If the Employment Contract is terminated by the worker, the worker will be entitled to Severance pay after the immediate termination for the right reason.

At the end of the one-week period that the employer must wait for the right to terminate for the right of termination, the employer can expect the compelling reason to disappear by not exercising the right of termination if he wishes. In this case, the employment contract signed between the parties will be suspended. During this period, the employer has no obligation to pay any wages to the employee.

  • Corona virus Epidemic Disease; Does it allow the employee and employer to terminate the employment contract for the right reason? In this case, what will be the outcome of severance and notice compensation?
  1. Termination of the Employer’s Employment Contract if the Worker working at work is infected with coronavirus epidemic;

There is the possibility to terminate the employer’s employment contract for the right reason. According to 25/1/b of the Labor Code; ‘’.. In cases where it is determined by the Health Board that the disease in which the worker is being held is incurable and that there is a problem with his work in the workplace…”It is stated that the employment contract will be terminated by the employer for the right reason. The determination of the objection by the Health Board may cause delays in terms of corona virus today. Therefore, the objective objectionable work of the worker in the workplace will be considered a valid reason. The employee will be entitled to Severance pay provided that he/she completes the 1-year severance requirement after termination by the employer. The situation is different in terms of Notice Compensation, which is raised in indefinite Term Employment Contracts. 25 of the Employer Employment Contract. It does not have to comply with the notice prefixes due to the termination for the right reasons listed in the article. In this case, the employee will not be able to make any credit claims regarding the Notice Compensation. It should also be reminded that; Termination of employment contract is always the final stage to be applied in accordance with the ‘Principle of Termination as a Last Resort’. Therefore, it will not be appropriate to terminate the employment contract without consuming options such as using leave for the worker, having compensation work done, and testing the remote working system.

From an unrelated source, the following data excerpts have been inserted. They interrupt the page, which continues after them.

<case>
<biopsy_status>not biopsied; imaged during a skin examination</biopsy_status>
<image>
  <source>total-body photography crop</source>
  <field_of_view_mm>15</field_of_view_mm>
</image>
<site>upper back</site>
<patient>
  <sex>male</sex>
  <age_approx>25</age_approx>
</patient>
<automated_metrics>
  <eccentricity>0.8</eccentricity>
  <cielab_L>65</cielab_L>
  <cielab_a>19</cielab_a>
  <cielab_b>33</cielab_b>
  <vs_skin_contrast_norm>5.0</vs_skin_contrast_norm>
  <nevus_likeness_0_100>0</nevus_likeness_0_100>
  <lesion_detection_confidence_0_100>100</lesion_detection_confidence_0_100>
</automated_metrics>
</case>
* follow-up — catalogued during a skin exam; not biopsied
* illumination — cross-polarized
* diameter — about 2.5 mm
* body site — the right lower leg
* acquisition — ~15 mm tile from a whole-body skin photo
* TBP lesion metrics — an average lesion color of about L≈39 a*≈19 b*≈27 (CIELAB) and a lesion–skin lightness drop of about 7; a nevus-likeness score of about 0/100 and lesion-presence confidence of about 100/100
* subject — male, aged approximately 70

  1. Termination of the Labor Contract of a Worker working at work if he or she is infected with Corona virus Epidemic;

According to the provision 24/I/b of the Labor Code; ‘’.. If the employer or another worker, whom the worker meets closely and directly, is infected with an infectious or incompatible disease with the worker’s work…”the worker may terminate the employment contract for the right reason. The important thing to note is that the workers are constantly in close and direct contact. In this case, the worker will be entitled to Severance. In this case, the employee will not be able to make any credit claims regarding the Notice Compensation.

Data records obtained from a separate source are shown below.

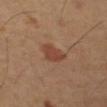<record>
  <lighting>cross-polarized</lighting>
  <automated_metrics>
    <cielab_L>40</cielab_L>
    <cielab_a>21</cielab_a>
    <cielab_b>28</cielab_b>
    <vs_skin_darker_L>8.0</vs_skin_darker_L>
    <vs_skin_contrast_norm>7.0</vs_skin_contrast_norm>
    <nevus_likeness_0_100>85</nevus_likeness_0_100>
    <lesion_detection_confidence_0_100>100</lesion_detection_confidence_0_100>
  </automated_metrics>
  <patient>
    <sex>male</sex>
    <age_approx>65</age_approx>
  </patient>
  <image>
    <source>total-body photography crop</source>
    <field_of_view_mm>15</field_of_view_mm>
  </image>
  <site>left upper arm</site>
</record>
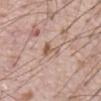<lesion>
<image>
  <source>total-body photography crop</source>
  <field_of_view_mm>15</field_of_view_mm>
</image>
<patient>
  <sex>male</sex>
  <age_approx>70</age_approx>
</patient>
<site>abdomen</site>
</lesion>
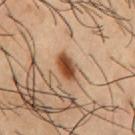<case>
<biopsy_status>not biopsied; imaged during a skin examination</biopsy_status>
<lighting>cross-polarized</lighting>
<patient>
  <sex>male</sex>
  <age_approx>55</age_approx>
</patient>
<lesion_size>
  <long_diameter_mm_approx>4.0</long_diameter_mm_approx>
</lesion_size>
<image>
  <source>total-body photography crop</source>
  <field_of_view_mm>15</field_of_view_mm>
</image>
<site>chest</site>
<automated_metrics>
  <area_mm2_approx>7.0</area_mm2_approx>
  <eccentricity>0.8</eccentricity>
  <shape_asymmetry>0.2</shape_asymmetry>
  <border_irregularity_0_10>2.0</border_irregularity_0_10>
  <color_variation_0_10>6.5</color_variation_0_10>
  <peripheral_color_asymmetry>2.0</peripheral_color_asymmetry>
  <nevus_likeness_0_100>100</nevus_likeness_0_100>
  <lesion_detection_confidence_0_100>100</lesion_detection_confidence_0_100>
</automated_metrics>
</case>

  • Evaluation of Coronavirus Disease in Terms of Occupational Accident

In established Supreme Court Decisions; epidemic diseases are considered to be occupational accidents provided that they are within the boundaries of the workplace. However, this situation should be interpreted according to the situation and conditions of each concrete event and a conclusion should be reached. As a matter of fact, the 21st Law Office of the Supreme Court of Cassation has accepted H1N1 virus as an occupational accident in the case of the truck driver who contracted H1N1 virus on 15.04.2019 and 2018/5018 Esas, 2019/2931 Decision No. In this case, the employer may have an obligation of financial and moral compensation. During the performance of the duties of the personnel who will work within the scope of remote work, work-related accidents can also be considered as work accidents. Therefore, it is very important for employers to inform employees about this issue. Although it is generally considered an occupational accident, each incident should be evaluated according to the conditions and conditions and decisions should be made within the conditions.